Baltic German geologist and explorer

Karl Bernhard Woldemar Ferdinand von Ditmar (sometimes Carl von Ditmar) ( in Vändra – in Tartu) was a Baltic German geologist and explorer, who travelled in and contributed to the scientific understanding of Kamchatka.

==Life and work==
Karl von Ditmar was born in Vändra, present-day Estonia as the son of jurist Woldemar Friedrich Carl Ditmar and Charlotte Ditmar, née Stackelberg. He studied at the University of Tartu in 1841–1847, where he befriended Leopold von Schrenck and Karl Maximovich, as well as Karl Ernst von Baer. Ditmar began studying agricultural science but after some time changed to mineralogy and geology under Otto Wilhelm Hermann von Abich and Hermann Martin Asmuss. After having graduated university with a master's degree, Ditmar in 1846–1848 travelled Europe and among other things attended lectures at the Freiberg Mining Academy in present-day Germany. In 1848 he returned to Russia and Saint Petersburg, and through his friendship with Leopold von Schrenck was introduced to Alexander von Middendorff at the Imperial Academy of Sciences.

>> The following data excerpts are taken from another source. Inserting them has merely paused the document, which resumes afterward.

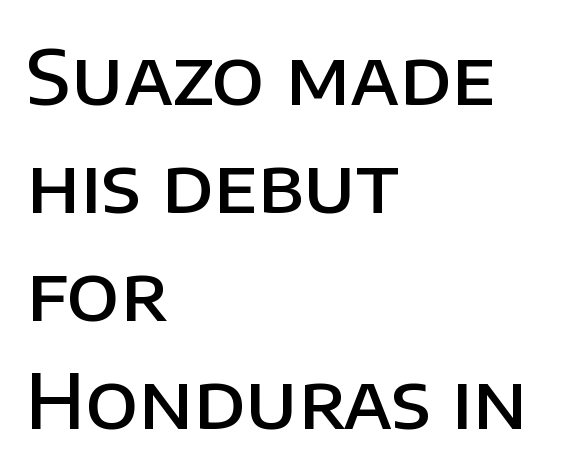
Stems and bowls a touch heavier than normal — semibold. The paragraph has a hard left edge and a soft right edge. Each letter's strokes conclude bluntly, with no projecting serifs. The passage shown stacks its lines at a standard gap.
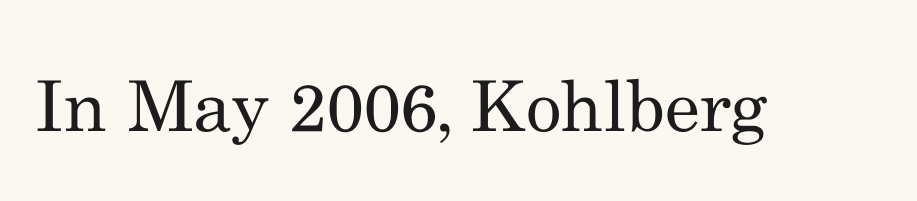
Q: Is the text bold? A: No.
Q: Is the text italic (slanted)? A: No, it is upright.
Q: Is the typeface a serif or a sans-serif typeface? A: Serif.
Q: Is the text underlined? A: No.
Q: Is the spacing between letters normal or unusually wide? A: Normal.
Q: Width (condensed, normal, or wide)? A: Normal.
Q: Stroke contrast? A: Medium.
Q: x-height? A: Small.
Q: Monospaced? A: No.
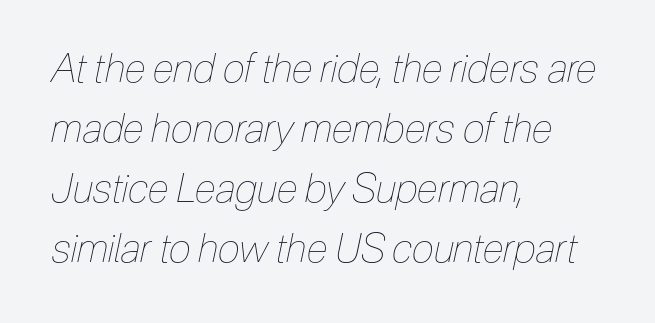
Every row of glyphs begins at an identical x-position on the left. This rendering leaves character spacing at its baseline value. Vertical spacing — default. The typography opts for an oblique posture over an upright one. A light-to-regular cut is what we see here.
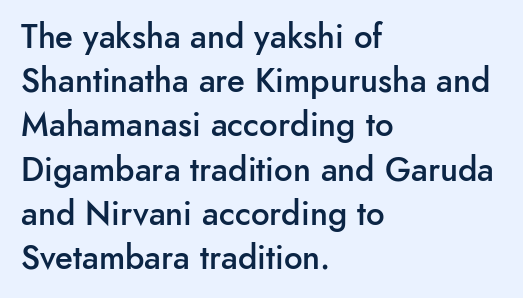
Q: Is the text bold? A: Semi-bold.
Q: Is the text italic (slanted)? A: No, it is upright.
Q: Is the typeface a serif or a sans-serif typeface? A: Sans-serif.
Q: Is the text underlined? A: No.
Q: How is the paragraph aligned? A: Left-aligned.
Q: Is the spacing between letters normal or unusually wide? A: Normal.
Q: Is the spacing between lines tight, normal or loose? A: Normal.
Q: Width (condensed, normal, or wide)? A: Normal.
Q: Stroke contrast? A: Low.
Q: x-height? A: Small.
Q: Monospaced? A: No.

In 1851 Ditmar undertook a voyage to Kamchatka which would last until 1854, and there undertook important scientific investigations. His account of the travels in Kamchatka, published first in 1890, is still used by scientists involved in studies of Kamchatka.

In 1855–1856, Ditmar also made a geographical survey trip in the area of the river Amur. He returned to Livonia in 1856 and settled in his estate at Käru, and in 1858 married Wilhelmina Stackelberg. The couple had four daughters.

==Selected writings==
- Reisen und Aufenthalt in Kamtschatka in den Jahren 1851-1855.[Travel and stay in Kamchatka in the years 1851-1855]
- Beiträge zur Kenntniss des Russischen Reiches und der angränzenden Länder Asiens. [Contributions to Knowledge of the Russian Empire and Neighboring Countries of Asia]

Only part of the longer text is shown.